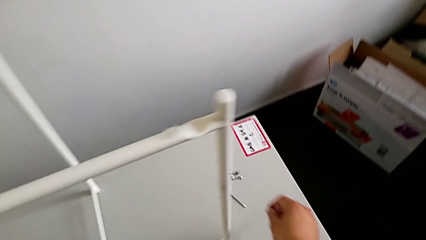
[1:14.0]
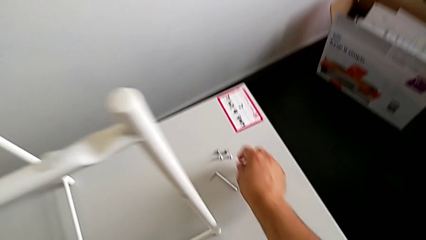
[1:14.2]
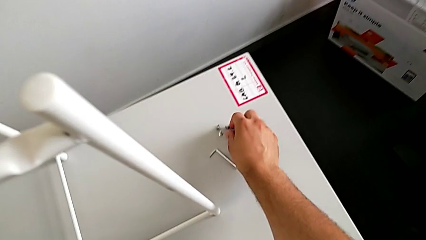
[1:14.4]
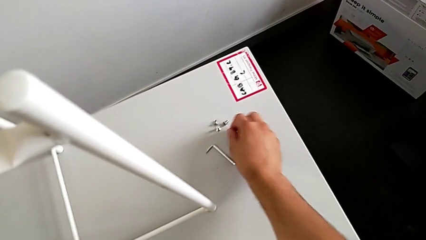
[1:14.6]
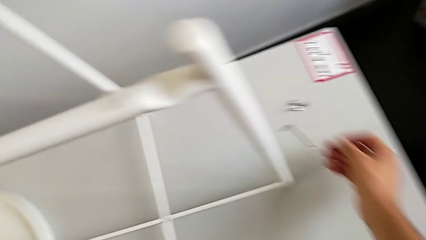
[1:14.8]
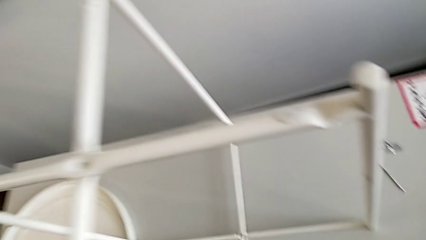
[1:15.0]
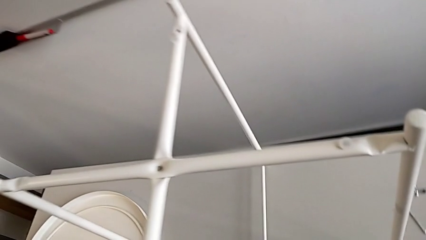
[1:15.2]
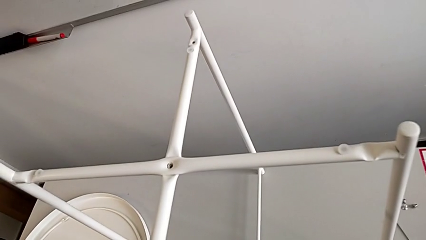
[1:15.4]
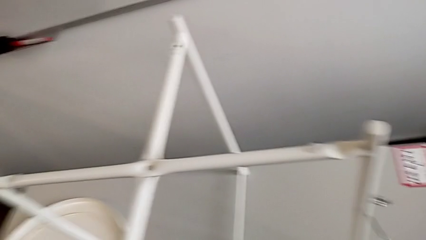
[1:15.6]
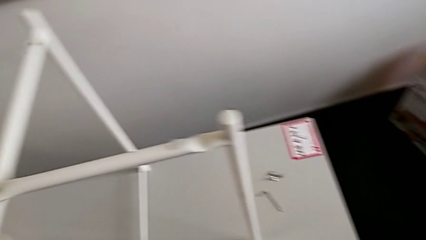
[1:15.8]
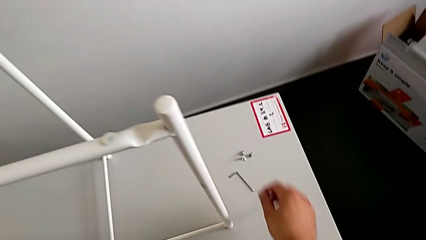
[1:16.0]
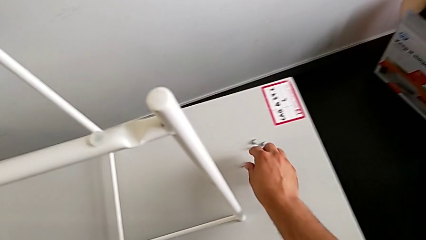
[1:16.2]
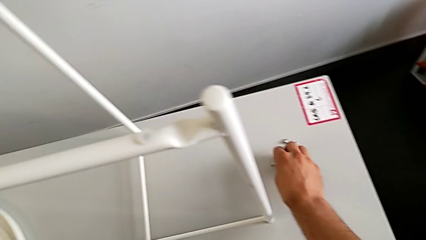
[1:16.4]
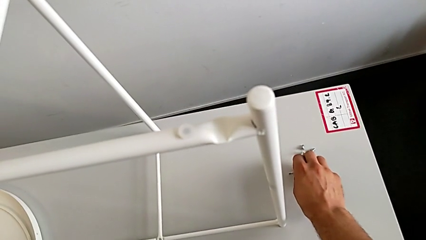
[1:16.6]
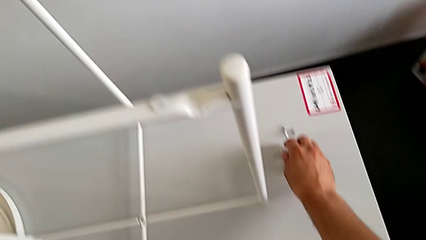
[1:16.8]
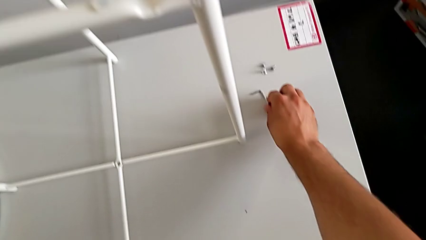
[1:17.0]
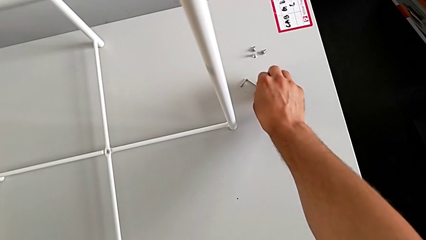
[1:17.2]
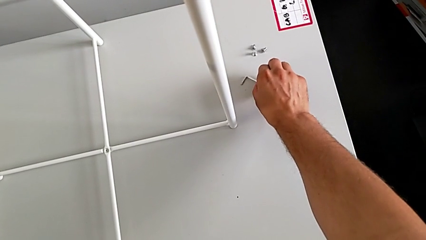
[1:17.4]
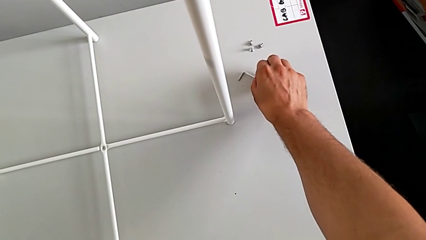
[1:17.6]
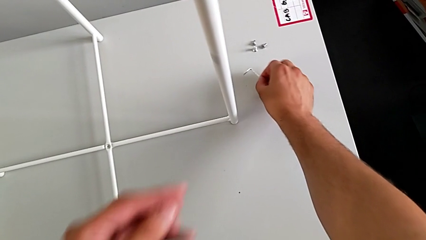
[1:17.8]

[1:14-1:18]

※

Your assignment: Each record above goes into the copy unchanged; the pictures do not.

Answer to the exercise:
[1:14.0]
[1:14.2]
[1:14.4]
[1:14.6]
[1:14.8]
[1:15.0]
[1:15.2]
[1:15.4]
[1:15.6]
[1:15.8]
[1:16.0]
[1:16.2]
[1:16.4]
[1:16.6]
[1:16.8]
[1:17.0]
[1:17.2]
[1:17.4]
[1:17.6]
[1:17.8]

[1:14-1:18]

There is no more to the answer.